-- Opening Marker --

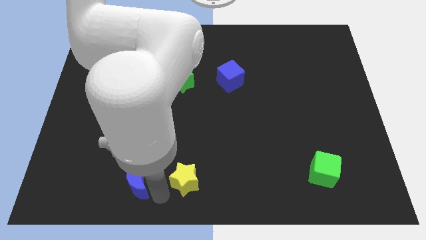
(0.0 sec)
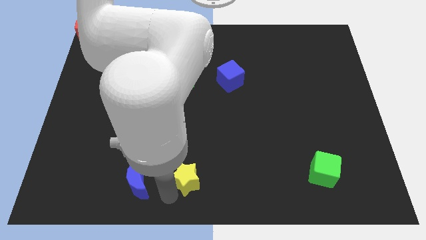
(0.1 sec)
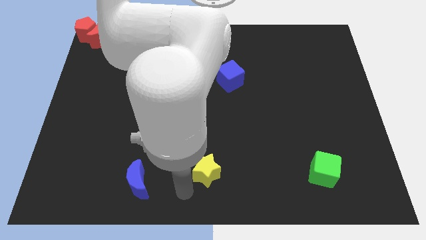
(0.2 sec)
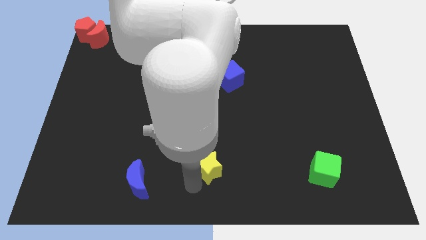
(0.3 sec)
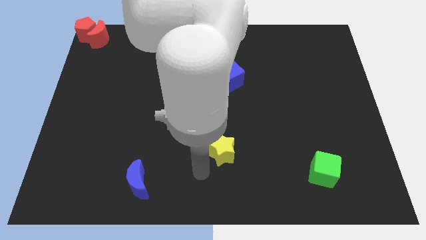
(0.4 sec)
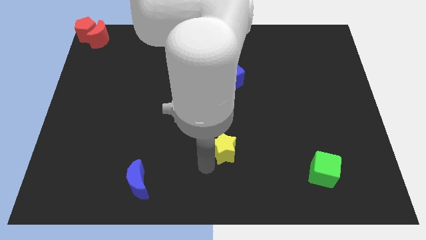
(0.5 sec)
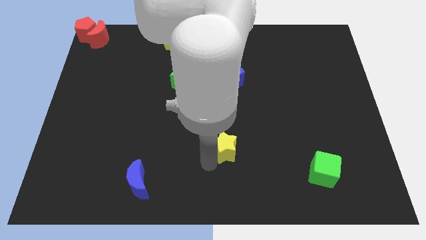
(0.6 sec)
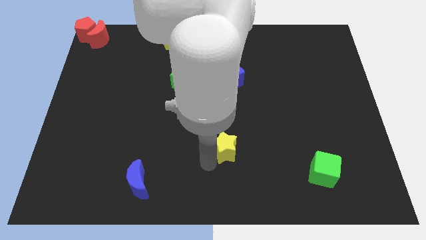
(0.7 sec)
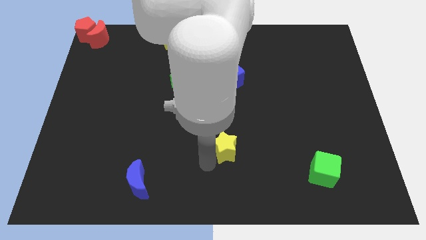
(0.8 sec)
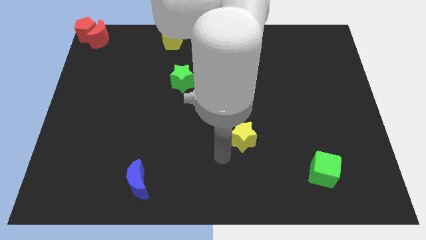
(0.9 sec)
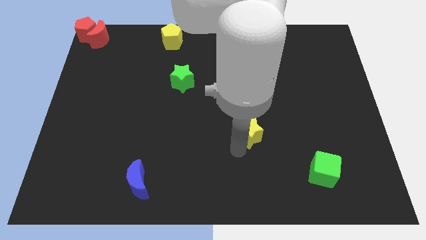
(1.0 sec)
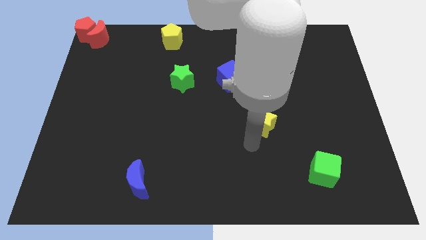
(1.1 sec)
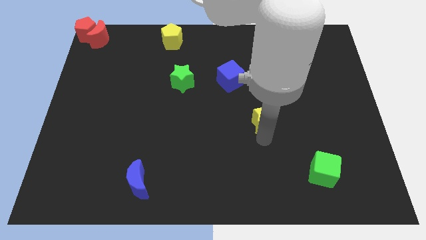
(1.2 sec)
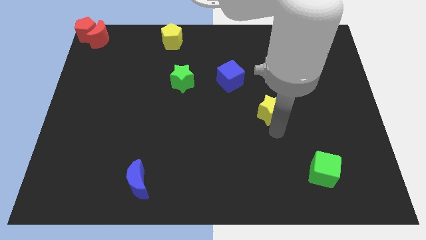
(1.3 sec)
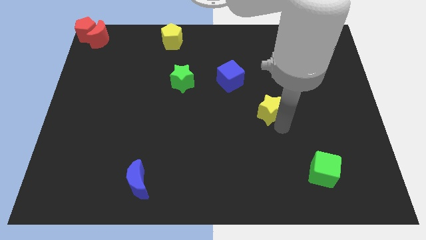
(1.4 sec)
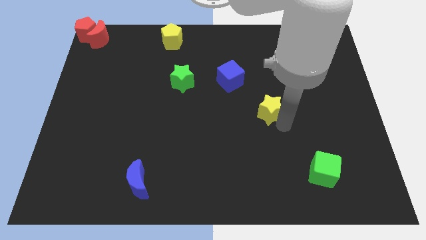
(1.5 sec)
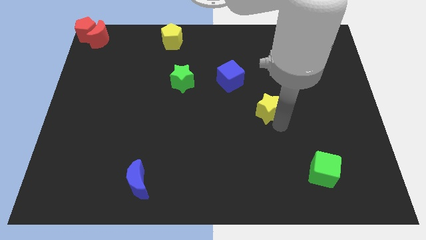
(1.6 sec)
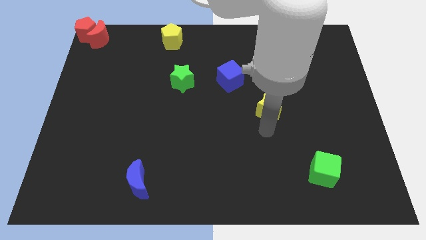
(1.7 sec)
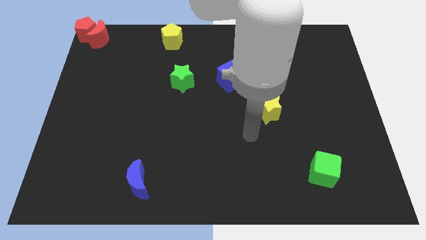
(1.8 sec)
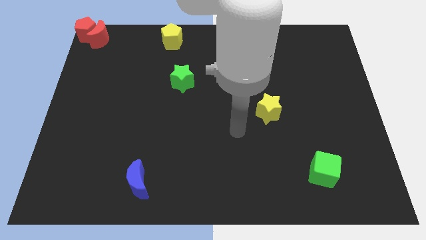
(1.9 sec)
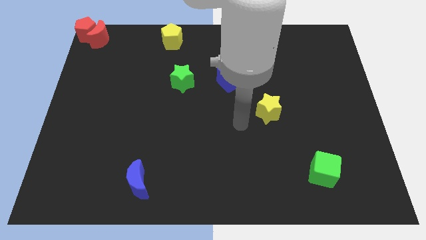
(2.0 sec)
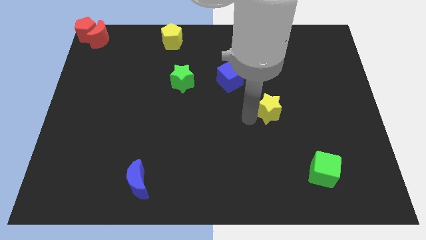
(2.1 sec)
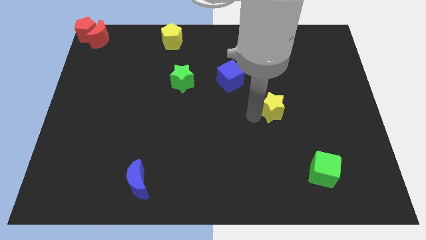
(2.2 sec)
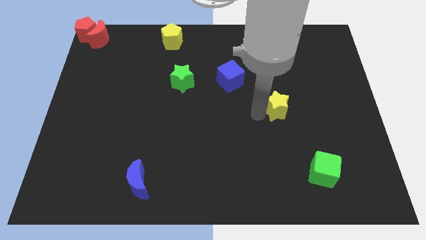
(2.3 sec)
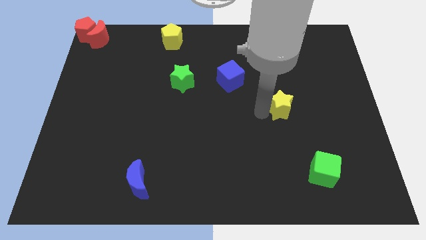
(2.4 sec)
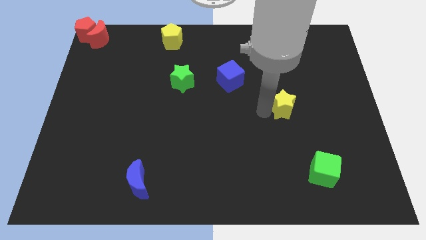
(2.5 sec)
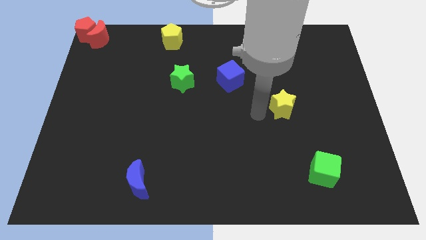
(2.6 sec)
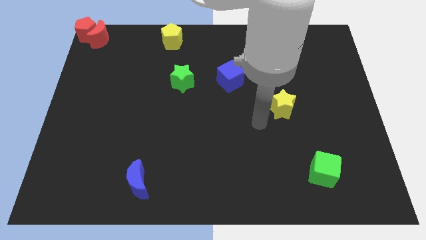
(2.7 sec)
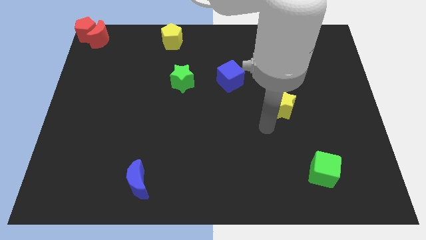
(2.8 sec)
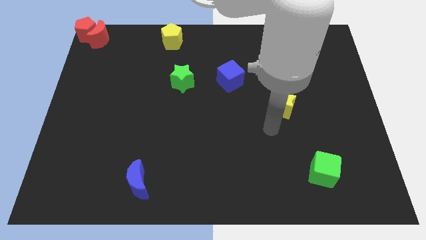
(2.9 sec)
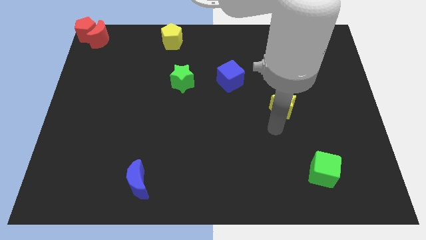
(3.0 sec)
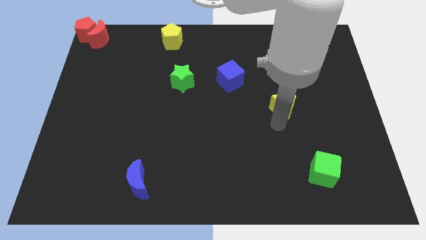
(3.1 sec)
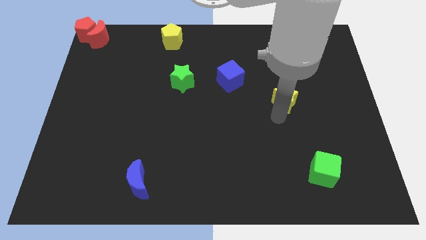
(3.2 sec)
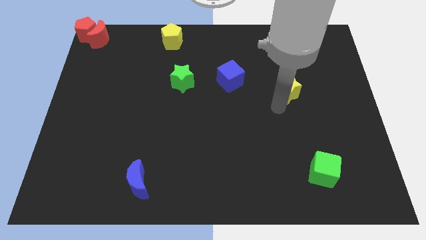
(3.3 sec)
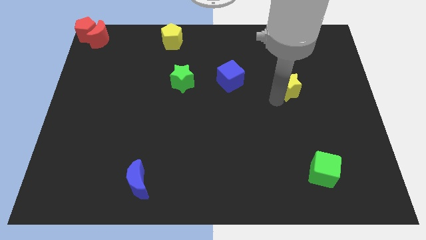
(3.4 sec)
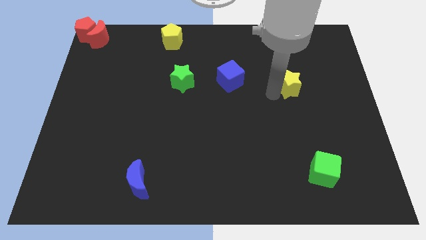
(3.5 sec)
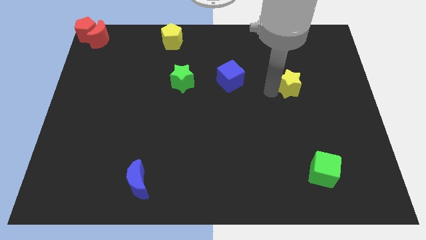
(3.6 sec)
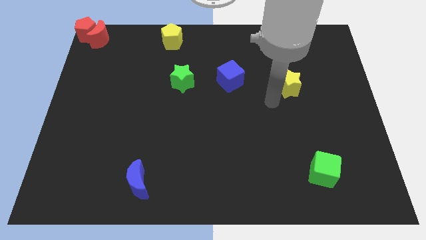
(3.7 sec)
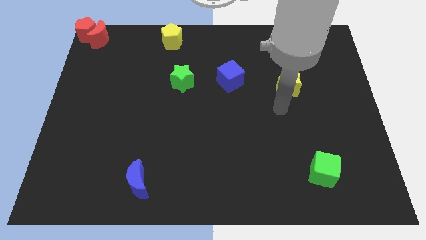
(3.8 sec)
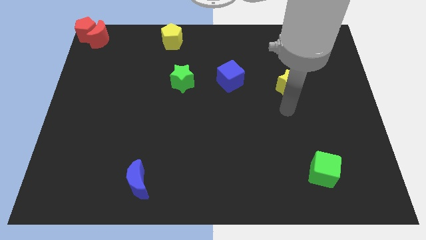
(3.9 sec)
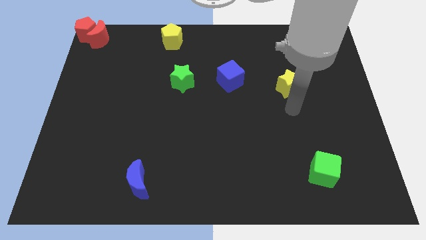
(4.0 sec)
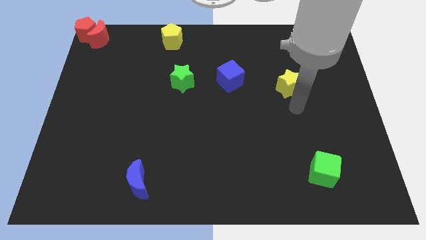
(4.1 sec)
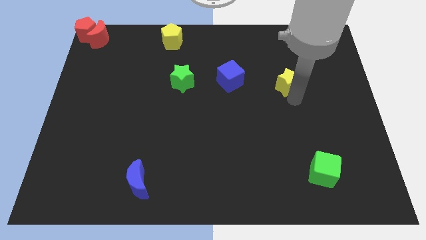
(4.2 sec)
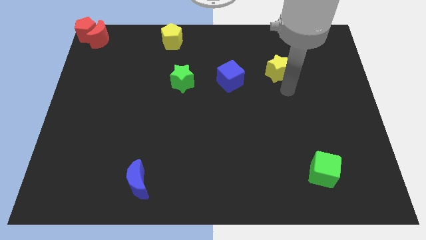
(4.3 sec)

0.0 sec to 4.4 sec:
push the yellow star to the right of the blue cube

-- Closing Marker --

» **PROBLEM DESCRIPTION**
Retype the records above exactly. Leave the pictures out.

» **SOLUTION TO THE PROBLEM**
(0.0 sec)
(0.1 sec)
(0.2 sec)
(0.3 sec)
(0.4 sec)
(0.5 sec)
(0.6 sec)
(0.7 sec)
(0.8 sec)
(0.9 sec)
(1.0 sec)
(1.1 sec)
(1.2 sec)
(1.3 sec)
(1.4 sec)
(1.5 sec)
(1.6 sec)
(1.7 sec)
(1.8 sec)
(1.9 sec)
(2.0 sec)
(2.1 sec)
(2.2 sec)
(2.3 sec)
(2.4 sec)
(2.5 sec)
(2.6 sec)
(2.7 sec)
(2.8 sec)
(2.9 sec)
(3.0 sec)
(3.1 sec)
(3.2 sec)
(3.3 sec)
(3.4 sec)
(3.5 sec)
(3.6 sec)
(3.7 sec)
(3.8 sec)
(3.9 sec)
(4.0 sec)
(4.1 sec)
(4.2 sec)
(4.3 sec)

0.0 sec to 4.4 sec:
push the yellow star to the right of the blue cube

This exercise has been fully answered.